1. prep. Against (Edb.1 1937). Also in forms conters and a conter. Sc. 1883  M. Oliphant It was a Lover I. iii.:
Braehead has aye an ill word conter Murkley.
Abd. 1768  A. Ross Helenore 85:
An' what hae we a conter them to say?
Abd. 1824  G. Smith Douglas 17:
Conters my craig, he gat his thumbs on me.

2. adv. In phrs.: (1) to gae conter, to go wrong; (2) to gae conter to, to go against (someone's wishes, expectations) (Bnff.2, Abd.2, Lnl.1, Lnk.3 1937). (1) Ags. 1918  J. Inglis The Laird 12:
A'thing gaes conter when I'm fishin' here.
(2) Per. 1897  C. M. Stuart Sandy Scott's Bible Class (1924) 75:
The weight o' a godly man gaun conter to God is owre weighty for the biggest boat.

3. adj. Opposite (Ags.1 1937). Freq. with gate. Bnff. 1920  E. S. Rae in Bnffsh. Jnl. (14 Dec.):
A bittie roon' blyth Mormon's bonnie braes The conter gate.
Abd. 1933  J. H. Smythe Blethers o' Barrowsgate 12:
'Twas them that steal't aul Postie's jeuks, An' in the kirk upstair, Leet them lowse in conter neuks Fan a' were boo'ed in prayer.

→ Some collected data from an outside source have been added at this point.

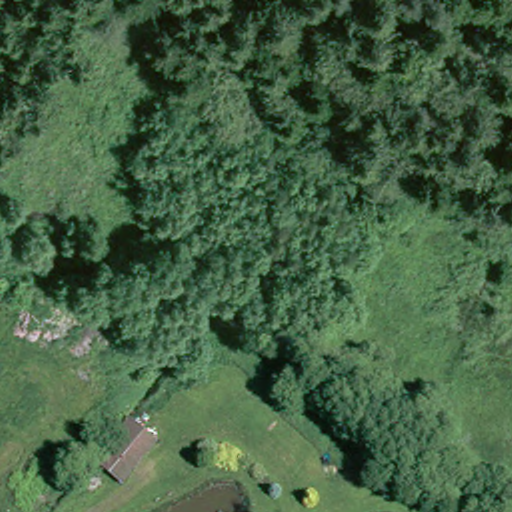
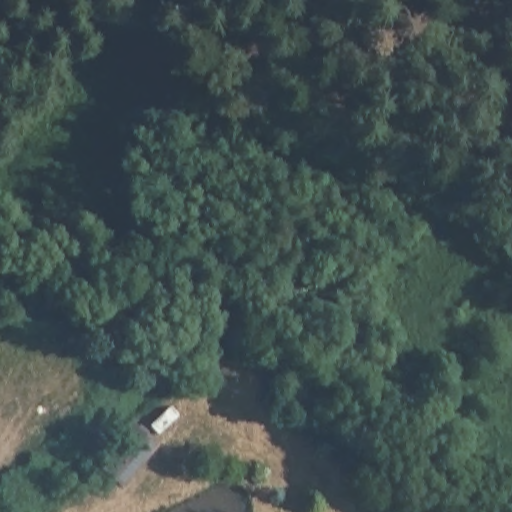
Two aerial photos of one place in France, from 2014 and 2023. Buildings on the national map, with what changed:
unchanged [(96,465),(134,421),(160,450),(122,490),(96,465)]

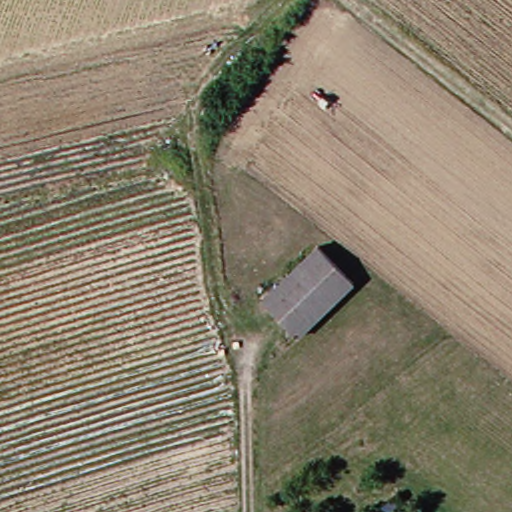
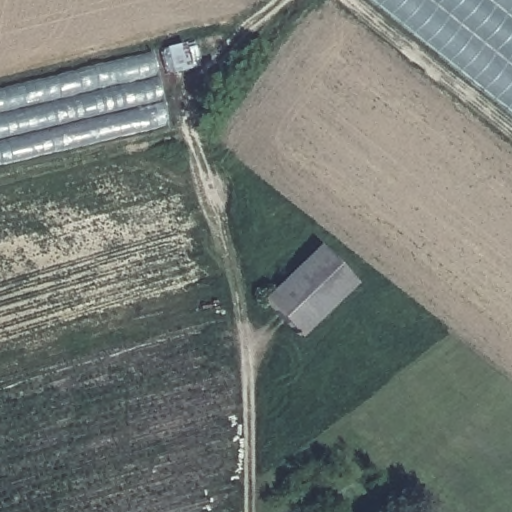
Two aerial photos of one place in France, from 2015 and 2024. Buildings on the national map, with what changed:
new [(512,115),(370,0),(512,0),(512,115)]
new [(150,50),(166,124),(0,164),(0,86),(150,50)]
unchanged [(296,336),(258,300),(313,247),(349,282),(296,336)]

Hence contirgates, adv., contrariwise. Abd.(D) 1922  J. Wight in Swatches o' Hamespun 60:
He jist wudna tak' a nasay. “Read quines contirgates,” he said.

4. n.

(1) The contrary (Bnff.2, Ags.1 1937). Abd. 1930  “Sub Divo” in Abd. Univ. Review (July) 199:
Wi' you the conter wis the truth.

‡(2) A reverse, misfortune, blow (Ags.2 1937). Abd. 1768  A. Ross Helenore 87:
'Bout then a days, we never met wi' cross, Nor kend the ill of conters or of loss.
Ags. 1879  T. Ormond in
A. L. Fenton Forfar Poets 141:
The greatest conter e'er she got.

†(3) In phr. in contars o', in defiance of. Bch. 1804  W. Tarras Poems 85:
Me a' her houp, she a' my care In contars o' them a'.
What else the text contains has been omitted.